What to work on>
Could you say how many lines below contain the word "outdoors"? Give the number with no other text.

[Listed records — start]

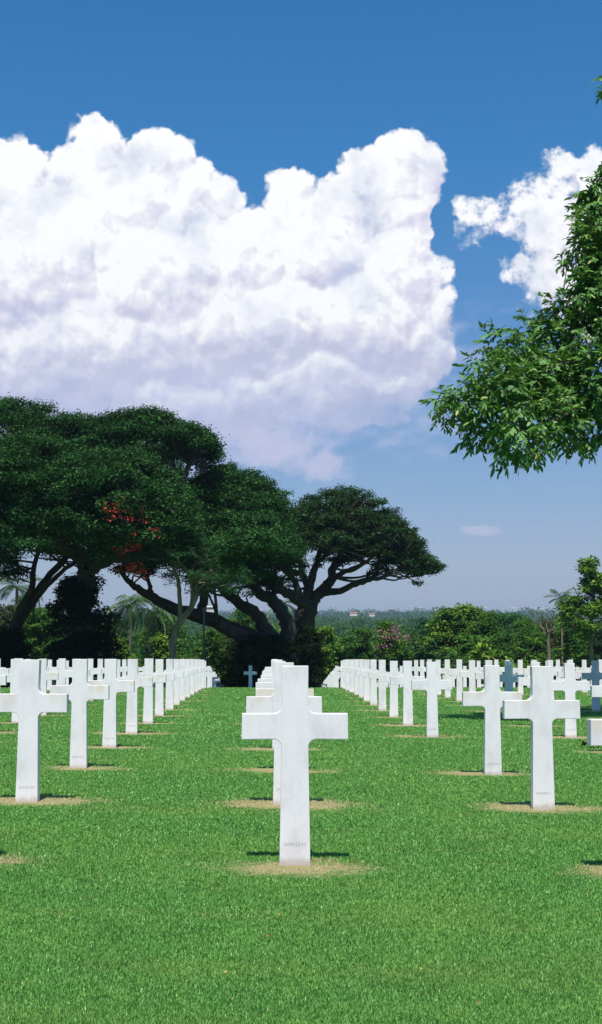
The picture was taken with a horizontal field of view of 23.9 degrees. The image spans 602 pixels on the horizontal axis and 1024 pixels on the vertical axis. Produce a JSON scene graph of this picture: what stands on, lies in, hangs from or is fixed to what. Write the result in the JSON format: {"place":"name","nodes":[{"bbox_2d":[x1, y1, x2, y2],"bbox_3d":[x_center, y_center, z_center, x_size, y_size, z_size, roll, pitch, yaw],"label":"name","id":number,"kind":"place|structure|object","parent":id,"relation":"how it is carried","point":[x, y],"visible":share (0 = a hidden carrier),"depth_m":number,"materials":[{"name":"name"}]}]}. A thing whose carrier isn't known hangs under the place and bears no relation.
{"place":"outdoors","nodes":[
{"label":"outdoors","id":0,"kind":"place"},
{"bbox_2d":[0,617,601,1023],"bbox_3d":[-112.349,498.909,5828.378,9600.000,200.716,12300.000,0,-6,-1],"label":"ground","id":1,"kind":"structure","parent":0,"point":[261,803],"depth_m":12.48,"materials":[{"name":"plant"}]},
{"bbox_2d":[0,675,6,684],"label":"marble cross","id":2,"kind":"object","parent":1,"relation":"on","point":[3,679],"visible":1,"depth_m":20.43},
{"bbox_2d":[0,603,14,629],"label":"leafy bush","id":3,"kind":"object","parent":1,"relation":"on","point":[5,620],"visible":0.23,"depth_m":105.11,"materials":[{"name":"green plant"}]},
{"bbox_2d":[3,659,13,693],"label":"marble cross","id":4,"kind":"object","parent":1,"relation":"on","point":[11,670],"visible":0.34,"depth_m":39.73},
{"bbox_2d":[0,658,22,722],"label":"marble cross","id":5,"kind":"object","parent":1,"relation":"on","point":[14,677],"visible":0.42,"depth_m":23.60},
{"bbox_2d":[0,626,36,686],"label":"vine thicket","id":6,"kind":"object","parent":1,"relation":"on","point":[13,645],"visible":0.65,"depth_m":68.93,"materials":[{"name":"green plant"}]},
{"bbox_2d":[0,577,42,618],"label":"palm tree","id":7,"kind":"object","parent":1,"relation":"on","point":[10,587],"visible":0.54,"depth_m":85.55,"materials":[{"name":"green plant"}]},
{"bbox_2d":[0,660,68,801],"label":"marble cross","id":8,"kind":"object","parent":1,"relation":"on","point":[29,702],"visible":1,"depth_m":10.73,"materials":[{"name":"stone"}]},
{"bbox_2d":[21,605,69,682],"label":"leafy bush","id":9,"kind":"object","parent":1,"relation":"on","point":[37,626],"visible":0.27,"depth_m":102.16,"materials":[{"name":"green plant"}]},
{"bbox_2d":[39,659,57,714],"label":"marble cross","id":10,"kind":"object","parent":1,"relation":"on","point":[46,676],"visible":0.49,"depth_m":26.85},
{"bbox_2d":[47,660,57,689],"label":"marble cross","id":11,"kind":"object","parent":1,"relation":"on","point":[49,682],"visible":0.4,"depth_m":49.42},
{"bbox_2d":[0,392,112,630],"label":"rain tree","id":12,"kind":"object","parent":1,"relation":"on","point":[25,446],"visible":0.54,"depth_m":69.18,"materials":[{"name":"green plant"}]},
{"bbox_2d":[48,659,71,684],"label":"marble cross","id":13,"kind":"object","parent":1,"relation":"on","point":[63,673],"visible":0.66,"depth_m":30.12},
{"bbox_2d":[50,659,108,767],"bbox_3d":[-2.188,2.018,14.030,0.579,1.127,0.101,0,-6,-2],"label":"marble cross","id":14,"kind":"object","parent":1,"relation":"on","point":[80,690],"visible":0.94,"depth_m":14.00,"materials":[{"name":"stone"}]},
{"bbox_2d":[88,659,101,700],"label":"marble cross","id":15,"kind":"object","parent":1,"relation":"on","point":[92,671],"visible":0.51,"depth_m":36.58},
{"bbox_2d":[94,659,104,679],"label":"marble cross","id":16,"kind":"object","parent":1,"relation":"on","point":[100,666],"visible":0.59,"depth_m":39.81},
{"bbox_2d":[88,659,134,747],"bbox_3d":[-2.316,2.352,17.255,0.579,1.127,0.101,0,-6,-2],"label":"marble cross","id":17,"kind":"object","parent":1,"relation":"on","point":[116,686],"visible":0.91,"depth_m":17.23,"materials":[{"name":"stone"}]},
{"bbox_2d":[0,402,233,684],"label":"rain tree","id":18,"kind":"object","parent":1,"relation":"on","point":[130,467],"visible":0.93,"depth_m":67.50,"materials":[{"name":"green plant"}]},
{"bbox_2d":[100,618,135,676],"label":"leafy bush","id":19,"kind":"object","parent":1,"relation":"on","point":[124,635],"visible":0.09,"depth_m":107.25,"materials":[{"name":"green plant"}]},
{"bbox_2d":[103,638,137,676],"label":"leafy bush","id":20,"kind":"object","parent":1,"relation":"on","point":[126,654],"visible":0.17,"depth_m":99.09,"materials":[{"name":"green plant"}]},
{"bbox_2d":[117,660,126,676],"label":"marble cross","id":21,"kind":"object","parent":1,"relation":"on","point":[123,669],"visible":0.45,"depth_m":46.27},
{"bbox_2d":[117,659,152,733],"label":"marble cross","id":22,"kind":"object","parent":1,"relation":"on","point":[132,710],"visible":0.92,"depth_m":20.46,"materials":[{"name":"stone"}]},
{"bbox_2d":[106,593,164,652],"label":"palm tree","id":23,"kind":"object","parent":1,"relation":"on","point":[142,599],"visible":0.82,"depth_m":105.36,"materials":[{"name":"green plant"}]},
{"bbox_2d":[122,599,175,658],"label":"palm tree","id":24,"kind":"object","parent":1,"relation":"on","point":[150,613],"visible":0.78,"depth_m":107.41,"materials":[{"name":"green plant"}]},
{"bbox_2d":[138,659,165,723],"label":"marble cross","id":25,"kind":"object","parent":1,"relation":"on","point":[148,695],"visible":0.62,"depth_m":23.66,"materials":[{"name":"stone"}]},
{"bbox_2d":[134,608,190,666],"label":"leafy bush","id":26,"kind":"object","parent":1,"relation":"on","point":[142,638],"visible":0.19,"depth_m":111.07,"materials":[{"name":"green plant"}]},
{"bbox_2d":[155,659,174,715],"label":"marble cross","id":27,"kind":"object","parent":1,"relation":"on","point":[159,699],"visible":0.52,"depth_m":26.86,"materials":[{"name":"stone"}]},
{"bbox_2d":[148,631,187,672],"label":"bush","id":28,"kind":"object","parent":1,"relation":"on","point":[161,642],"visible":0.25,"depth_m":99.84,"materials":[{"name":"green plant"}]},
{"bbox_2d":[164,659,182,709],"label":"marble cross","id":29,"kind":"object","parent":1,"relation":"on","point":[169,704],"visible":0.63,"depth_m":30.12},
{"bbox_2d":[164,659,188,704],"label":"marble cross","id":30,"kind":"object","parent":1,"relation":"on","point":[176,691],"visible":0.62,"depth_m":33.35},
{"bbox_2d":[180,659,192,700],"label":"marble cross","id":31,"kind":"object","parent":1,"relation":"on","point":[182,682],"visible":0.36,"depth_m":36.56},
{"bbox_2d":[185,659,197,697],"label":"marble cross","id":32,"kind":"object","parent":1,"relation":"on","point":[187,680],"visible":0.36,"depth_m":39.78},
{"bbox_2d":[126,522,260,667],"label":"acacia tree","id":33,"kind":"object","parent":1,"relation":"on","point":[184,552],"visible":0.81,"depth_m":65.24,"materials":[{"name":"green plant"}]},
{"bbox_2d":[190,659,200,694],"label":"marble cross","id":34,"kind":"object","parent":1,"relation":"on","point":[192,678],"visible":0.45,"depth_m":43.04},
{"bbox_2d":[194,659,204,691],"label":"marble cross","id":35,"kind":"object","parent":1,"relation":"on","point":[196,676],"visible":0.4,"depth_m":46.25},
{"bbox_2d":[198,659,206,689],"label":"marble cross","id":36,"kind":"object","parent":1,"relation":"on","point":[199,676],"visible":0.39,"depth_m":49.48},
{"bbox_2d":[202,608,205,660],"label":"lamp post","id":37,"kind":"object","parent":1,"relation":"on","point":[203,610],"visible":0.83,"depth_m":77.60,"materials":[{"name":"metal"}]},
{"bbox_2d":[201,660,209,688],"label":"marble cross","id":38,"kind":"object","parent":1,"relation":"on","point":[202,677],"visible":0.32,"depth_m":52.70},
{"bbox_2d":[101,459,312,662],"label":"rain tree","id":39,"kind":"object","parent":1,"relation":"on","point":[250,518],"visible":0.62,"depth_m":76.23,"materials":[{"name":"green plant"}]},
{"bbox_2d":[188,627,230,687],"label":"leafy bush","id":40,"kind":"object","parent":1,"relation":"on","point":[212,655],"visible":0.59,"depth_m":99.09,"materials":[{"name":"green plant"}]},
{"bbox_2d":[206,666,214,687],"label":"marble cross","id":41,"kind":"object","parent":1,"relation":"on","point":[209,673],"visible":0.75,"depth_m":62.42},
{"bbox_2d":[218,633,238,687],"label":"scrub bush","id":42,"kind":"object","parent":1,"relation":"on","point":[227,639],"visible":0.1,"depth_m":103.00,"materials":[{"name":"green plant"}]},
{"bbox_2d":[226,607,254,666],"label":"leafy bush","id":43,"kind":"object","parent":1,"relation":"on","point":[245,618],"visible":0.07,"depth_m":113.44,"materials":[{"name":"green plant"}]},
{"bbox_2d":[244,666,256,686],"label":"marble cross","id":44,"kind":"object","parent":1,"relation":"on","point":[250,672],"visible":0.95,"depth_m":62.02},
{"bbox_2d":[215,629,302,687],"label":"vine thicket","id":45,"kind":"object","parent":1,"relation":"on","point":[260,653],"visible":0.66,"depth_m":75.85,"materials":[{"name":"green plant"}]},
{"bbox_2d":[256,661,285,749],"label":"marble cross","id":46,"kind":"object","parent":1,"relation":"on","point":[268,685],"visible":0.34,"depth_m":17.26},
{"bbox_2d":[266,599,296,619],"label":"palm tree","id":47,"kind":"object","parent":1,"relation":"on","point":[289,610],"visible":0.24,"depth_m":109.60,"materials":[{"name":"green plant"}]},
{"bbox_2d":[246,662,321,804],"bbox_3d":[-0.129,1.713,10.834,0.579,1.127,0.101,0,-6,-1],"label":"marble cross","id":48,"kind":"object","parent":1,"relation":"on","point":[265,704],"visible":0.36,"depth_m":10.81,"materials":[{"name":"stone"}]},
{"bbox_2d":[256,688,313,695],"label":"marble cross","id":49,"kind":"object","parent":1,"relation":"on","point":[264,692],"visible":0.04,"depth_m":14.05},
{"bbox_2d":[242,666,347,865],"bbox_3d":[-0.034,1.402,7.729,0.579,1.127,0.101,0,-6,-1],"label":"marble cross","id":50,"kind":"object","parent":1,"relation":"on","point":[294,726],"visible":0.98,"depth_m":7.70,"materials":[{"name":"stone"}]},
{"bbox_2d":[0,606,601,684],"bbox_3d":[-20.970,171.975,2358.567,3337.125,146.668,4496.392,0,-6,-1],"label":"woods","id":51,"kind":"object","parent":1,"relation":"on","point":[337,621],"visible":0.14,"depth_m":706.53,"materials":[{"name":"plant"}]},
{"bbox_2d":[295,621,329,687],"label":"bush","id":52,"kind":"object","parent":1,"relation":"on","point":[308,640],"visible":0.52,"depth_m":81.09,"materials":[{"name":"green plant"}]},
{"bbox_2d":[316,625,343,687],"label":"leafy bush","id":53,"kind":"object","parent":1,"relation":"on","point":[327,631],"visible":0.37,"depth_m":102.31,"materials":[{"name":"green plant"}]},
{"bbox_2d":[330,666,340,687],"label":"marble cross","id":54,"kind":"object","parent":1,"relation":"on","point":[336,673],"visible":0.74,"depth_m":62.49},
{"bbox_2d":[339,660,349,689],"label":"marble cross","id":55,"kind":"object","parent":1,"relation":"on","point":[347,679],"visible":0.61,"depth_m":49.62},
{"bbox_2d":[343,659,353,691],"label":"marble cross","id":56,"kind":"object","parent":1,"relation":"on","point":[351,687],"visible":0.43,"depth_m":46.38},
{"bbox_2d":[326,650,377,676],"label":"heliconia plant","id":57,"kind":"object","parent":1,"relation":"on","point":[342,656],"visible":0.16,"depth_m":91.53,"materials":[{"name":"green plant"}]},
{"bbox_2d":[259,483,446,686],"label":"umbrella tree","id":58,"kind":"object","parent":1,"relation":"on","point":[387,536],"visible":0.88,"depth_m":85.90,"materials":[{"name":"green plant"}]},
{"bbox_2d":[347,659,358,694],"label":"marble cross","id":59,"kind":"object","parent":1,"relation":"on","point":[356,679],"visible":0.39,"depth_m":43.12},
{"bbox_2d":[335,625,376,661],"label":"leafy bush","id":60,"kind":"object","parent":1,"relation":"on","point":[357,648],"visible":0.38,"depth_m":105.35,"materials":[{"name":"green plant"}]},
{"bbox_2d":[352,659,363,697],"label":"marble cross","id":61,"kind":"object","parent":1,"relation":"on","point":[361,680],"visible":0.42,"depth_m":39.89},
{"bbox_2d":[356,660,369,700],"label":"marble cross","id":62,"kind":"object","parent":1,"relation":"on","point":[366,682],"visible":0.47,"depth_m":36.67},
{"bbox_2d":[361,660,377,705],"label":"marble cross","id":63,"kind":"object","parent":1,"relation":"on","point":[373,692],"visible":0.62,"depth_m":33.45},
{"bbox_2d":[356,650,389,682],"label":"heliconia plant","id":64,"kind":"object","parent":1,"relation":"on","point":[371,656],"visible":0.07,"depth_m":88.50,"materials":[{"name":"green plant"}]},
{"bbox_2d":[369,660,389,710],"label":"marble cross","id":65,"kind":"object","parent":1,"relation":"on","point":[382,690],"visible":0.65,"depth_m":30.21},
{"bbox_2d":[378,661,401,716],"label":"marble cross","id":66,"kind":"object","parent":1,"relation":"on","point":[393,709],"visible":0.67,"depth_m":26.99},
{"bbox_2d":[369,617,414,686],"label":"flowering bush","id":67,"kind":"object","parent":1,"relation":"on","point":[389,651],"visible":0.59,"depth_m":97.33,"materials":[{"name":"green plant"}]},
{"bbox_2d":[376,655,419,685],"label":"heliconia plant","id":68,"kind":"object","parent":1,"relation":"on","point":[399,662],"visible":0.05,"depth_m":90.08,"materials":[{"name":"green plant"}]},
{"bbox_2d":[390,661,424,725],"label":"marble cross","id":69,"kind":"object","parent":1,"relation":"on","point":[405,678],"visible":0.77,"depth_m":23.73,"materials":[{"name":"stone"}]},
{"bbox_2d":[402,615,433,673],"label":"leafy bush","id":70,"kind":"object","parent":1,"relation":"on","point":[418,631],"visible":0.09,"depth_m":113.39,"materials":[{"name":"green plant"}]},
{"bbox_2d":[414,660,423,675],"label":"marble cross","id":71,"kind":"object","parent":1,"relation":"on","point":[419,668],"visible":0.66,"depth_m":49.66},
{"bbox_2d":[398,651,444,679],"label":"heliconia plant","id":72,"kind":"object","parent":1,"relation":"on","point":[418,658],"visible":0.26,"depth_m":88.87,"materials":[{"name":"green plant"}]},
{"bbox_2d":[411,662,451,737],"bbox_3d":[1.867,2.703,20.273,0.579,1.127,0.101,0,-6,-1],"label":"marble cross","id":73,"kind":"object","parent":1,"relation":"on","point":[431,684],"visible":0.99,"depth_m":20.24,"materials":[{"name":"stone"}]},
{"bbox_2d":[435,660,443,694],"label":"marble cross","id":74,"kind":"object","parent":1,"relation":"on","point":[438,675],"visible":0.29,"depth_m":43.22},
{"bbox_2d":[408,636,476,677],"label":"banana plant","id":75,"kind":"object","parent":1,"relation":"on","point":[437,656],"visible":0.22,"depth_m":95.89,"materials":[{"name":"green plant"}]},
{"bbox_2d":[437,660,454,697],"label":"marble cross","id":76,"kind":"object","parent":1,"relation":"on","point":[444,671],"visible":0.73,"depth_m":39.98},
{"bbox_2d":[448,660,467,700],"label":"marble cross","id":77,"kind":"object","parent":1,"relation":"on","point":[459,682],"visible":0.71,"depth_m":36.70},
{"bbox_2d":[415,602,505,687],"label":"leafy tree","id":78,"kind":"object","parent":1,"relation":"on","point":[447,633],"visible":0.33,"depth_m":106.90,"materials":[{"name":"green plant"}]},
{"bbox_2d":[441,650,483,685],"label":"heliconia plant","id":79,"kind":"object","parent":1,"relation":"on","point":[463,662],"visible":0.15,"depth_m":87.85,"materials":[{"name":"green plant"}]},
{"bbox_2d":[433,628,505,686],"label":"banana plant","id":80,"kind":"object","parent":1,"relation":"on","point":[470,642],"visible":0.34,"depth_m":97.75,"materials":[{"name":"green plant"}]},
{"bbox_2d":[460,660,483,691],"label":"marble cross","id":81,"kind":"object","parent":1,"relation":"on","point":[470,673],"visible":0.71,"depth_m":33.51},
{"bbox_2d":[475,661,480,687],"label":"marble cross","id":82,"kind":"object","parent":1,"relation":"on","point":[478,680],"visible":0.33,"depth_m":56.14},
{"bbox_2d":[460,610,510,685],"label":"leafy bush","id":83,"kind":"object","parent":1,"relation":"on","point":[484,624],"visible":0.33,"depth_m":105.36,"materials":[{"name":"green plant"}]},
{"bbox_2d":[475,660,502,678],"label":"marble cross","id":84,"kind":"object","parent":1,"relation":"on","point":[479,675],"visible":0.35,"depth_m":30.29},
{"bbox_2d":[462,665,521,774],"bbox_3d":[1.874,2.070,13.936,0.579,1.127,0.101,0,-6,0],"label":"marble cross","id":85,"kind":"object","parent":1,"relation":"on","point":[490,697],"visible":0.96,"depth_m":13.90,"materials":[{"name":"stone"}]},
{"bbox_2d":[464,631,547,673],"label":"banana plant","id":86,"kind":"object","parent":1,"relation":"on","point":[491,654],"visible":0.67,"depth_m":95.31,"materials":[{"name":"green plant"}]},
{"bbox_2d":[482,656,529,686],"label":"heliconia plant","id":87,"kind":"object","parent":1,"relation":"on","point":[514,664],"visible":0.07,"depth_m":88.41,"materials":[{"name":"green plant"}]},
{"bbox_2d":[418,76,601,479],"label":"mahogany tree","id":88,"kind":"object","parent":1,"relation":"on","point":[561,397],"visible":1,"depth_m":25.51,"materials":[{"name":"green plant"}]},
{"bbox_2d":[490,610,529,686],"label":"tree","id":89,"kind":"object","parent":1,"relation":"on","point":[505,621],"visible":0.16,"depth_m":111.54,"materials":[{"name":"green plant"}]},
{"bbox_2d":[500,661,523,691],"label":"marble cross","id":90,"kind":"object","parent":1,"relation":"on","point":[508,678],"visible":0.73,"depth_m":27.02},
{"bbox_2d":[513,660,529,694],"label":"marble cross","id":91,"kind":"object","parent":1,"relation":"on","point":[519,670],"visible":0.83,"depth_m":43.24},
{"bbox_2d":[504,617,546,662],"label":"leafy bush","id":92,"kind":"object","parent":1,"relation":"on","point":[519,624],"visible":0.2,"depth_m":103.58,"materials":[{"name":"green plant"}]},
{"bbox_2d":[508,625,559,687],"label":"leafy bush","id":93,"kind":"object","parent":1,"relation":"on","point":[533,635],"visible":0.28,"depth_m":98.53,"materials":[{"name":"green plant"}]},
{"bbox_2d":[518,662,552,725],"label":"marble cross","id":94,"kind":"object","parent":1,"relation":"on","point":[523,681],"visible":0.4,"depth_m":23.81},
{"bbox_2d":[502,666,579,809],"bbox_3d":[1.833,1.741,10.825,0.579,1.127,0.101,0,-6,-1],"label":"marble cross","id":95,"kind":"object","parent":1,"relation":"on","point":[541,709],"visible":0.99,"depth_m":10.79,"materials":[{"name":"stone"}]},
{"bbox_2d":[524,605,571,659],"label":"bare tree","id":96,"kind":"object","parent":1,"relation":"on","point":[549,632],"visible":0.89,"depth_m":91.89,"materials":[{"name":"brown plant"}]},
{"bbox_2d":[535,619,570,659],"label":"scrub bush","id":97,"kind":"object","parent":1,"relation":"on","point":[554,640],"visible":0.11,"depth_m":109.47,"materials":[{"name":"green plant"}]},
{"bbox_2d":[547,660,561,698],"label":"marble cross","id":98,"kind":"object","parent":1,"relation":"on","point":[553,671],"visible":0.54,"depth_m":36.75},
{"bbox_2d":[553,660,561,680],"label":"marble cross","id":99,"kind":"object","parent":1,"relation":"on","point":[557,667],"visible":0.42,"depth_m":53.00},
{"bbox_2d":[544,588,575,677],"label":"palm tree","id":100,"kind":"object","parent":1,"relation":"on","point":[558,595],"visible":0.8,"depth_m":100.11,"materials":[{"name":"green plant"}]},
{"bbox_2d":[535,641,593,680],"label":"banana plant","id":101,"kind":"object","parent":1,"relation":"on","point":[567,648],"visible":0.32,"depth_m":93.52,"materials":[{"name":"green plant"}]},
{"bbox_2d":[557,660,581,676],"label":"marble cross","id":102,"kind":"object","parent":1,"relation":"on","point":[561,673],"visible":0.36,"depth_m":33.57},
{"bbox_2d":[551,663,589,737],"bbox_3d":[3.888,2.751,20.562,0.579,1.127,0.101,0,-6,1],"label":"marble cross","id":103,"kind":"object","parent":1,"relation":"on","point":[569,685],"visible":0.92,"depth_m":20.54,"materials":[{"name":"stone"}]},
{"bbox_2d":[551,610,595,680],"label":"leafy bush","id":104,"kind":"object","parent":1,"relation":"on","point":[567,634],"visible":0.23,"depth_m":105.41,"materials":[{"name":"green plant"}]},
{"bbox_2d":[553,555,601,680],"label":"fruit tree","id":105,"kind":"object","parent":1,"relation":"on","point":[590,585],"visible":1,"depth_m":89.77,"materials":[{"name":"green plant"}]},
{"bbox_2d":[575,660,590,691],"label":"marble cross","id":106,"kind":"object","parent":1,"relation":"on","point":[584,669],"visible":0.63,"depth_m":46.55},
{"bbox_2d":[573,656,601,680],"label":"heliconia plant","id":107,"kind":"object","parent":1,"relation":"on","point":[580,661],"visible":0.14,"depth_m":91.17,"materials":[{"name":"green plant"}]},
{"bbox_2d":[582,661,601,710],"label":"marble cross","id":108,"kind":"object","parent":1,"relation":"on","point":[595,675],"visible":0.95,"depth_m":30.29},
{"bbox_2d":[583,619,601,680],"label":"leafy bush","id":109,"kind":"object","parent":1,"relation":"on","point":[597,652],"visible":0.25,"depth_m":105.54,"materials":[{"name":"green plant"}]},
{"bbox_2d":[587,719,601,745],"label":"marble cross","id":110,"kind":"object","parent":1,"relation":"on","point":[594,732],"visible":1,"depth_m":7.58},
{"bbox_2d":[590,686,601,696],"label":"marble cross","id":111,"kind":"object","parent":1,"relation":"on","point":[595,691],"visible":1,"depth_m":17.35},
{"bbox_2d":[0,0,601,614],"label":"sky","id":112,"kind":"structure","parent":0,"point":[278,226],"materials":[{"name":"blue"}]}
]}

[Listed records — finish]

Exercise result>
2